» Task instructions
Below are entries. Reproduce exactly the lines between the line holding "Classify the given" and the line holding "Parasitic egg type: Fasciolopsis buski", inclusive, and only those.

» Input for this task
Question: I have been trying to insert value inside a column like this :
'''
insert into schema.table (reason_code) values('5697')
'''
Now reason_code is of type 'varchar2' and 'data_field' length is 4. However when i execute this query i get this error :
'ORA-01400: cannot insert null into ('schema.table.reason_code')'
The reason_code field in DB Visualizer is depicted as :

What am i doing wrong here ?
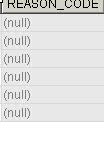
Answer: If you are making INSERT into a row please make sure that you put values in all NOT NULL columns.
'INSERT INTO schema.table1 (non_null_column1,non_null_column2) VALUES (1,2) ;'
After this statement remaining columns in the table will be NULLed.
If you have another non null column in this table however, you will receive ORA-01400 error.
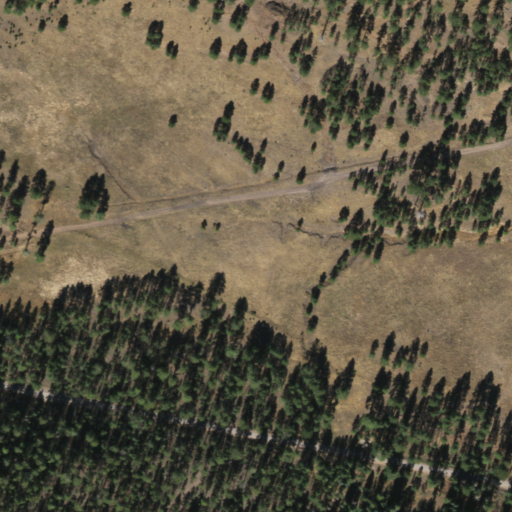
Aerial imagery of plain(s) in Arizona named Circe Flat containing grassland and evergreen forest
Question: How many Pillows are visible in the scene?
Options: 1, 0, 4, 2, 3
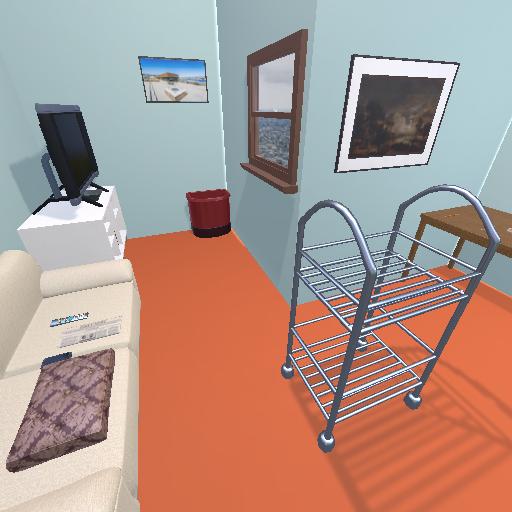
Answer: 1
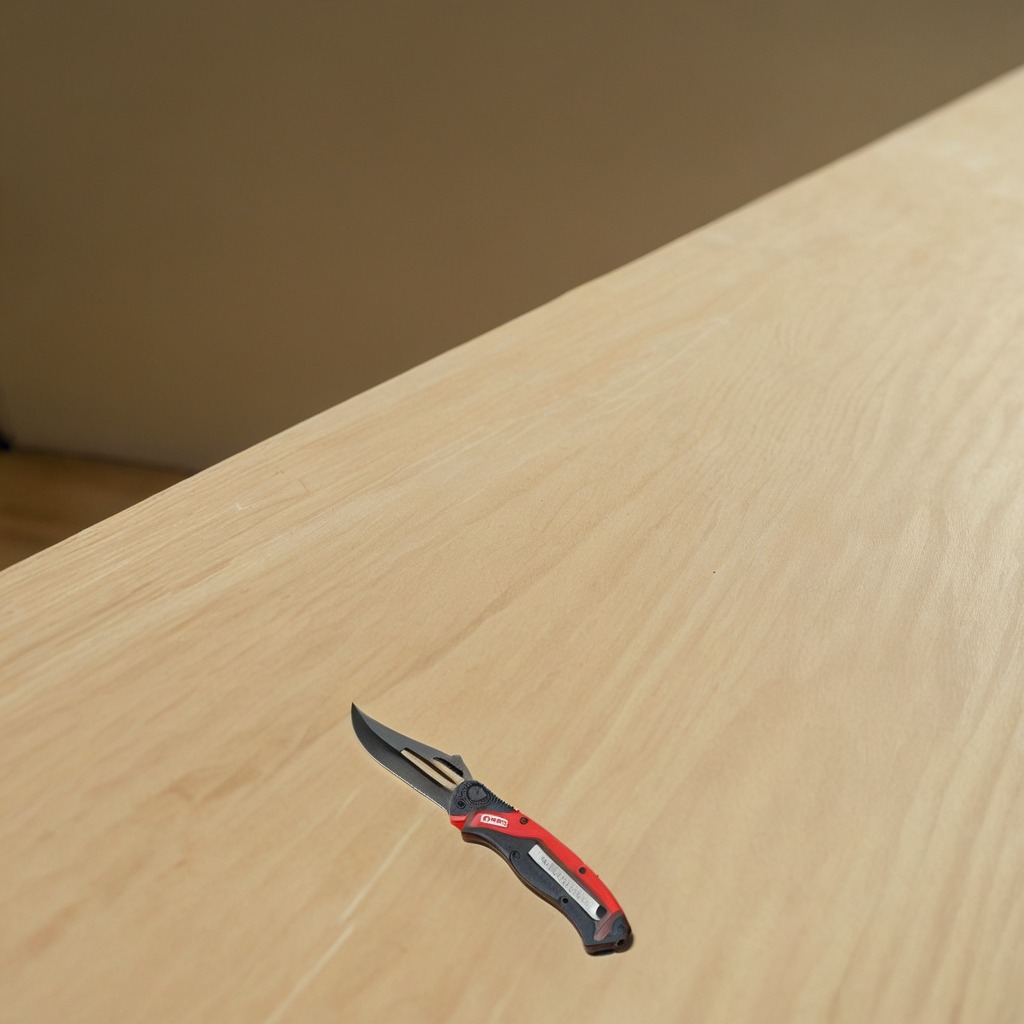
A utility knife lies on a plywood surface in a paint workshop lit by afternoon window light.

* * *

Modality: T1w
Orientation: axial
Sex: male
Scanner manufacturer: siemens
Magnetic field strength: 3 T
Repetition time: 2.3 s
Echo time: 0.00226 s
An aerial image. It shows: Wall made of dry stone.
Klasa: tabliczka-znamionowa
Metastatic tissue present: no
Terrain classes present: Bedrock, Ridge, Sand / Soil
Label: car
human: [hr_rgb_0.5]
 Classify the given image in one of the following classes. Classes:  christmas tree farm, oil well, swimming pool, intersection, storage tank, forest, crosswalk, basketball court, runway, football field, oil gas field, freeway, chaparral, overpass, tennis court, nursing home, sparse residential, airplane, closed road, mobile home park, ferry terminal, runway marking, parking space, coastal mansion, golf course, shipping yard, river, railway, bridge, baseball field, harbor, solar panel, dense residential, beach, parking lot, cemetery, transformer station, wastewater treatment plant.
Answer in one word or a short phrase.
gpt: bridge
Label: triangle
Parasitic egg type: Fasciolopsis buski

* * *

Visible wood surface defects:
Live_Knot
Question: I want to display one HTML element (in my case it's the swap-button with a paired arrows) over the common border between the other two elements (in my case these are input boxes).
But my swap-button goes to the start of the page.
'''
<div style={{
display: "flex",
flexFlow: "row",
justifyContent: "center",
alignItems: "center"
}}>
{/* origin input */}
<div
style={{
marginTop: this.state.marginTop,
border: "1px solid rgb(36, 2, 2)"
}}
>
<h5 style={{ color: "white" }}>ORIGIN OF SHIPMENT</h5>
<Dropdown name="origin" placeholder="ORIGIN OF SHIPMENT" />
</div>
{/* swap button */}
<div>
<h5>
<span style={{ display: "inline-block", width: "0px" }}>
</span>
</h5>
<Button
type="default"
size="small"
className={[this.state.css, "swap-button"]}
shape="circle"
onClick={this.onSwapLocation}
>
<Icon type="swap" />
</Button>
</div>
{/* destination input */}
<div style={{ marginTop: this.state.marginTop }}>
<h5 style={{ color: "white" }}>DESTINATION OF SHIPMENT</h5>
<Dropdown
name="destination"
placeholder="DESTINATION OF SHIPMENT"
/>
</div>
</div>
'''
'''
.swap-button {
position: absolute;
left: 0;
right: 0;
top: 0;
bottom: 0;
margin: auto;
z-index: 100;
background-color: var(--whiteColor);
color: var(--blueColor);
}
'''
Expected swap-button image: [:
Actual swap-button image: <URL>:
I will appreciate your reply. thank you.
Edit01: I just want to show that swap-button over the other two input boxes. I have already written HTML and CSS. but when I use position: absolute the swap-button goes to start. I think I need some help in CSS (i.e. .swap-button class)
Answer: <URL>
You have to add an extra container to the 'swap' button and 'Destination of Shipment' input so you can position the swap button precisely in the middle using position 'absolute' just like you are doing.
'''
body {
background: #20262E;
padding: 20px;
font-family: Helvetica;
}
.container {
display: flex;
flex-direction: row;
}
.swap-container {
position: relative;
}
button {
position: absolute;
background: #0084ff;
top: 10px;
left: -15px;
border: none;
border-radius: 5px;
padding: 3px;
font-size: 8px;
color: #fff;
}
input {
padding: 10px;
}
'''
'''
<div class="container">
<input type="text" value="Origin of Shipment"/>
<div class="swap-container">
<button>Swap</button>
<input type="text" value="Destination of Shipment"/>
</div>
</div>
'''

» Exercise result
 Classify the given image in one of the following classes. Classes:  christmas tree farm, oil well, swimming pool, intersection, storage tank, forest, crosswalk, basketball court, runway, football field, oil gas field, freeway, chaparral, overpass, tennis court, nursing home, sparse residential, airplane, closed road, mobile home park, ferry terminal, runway marking, parking space, coastal mansion, golf course, shipping yard, river, railway, bridge, baseball field, harbor, solar panel, dense residential, beach, parking lot, cemetery, transformer station, wastewater treatment plant.
Answer in one word or a short phrase.
gpt: bridge
Label: triangle
Parasitic egg type: Fasciolopsis buski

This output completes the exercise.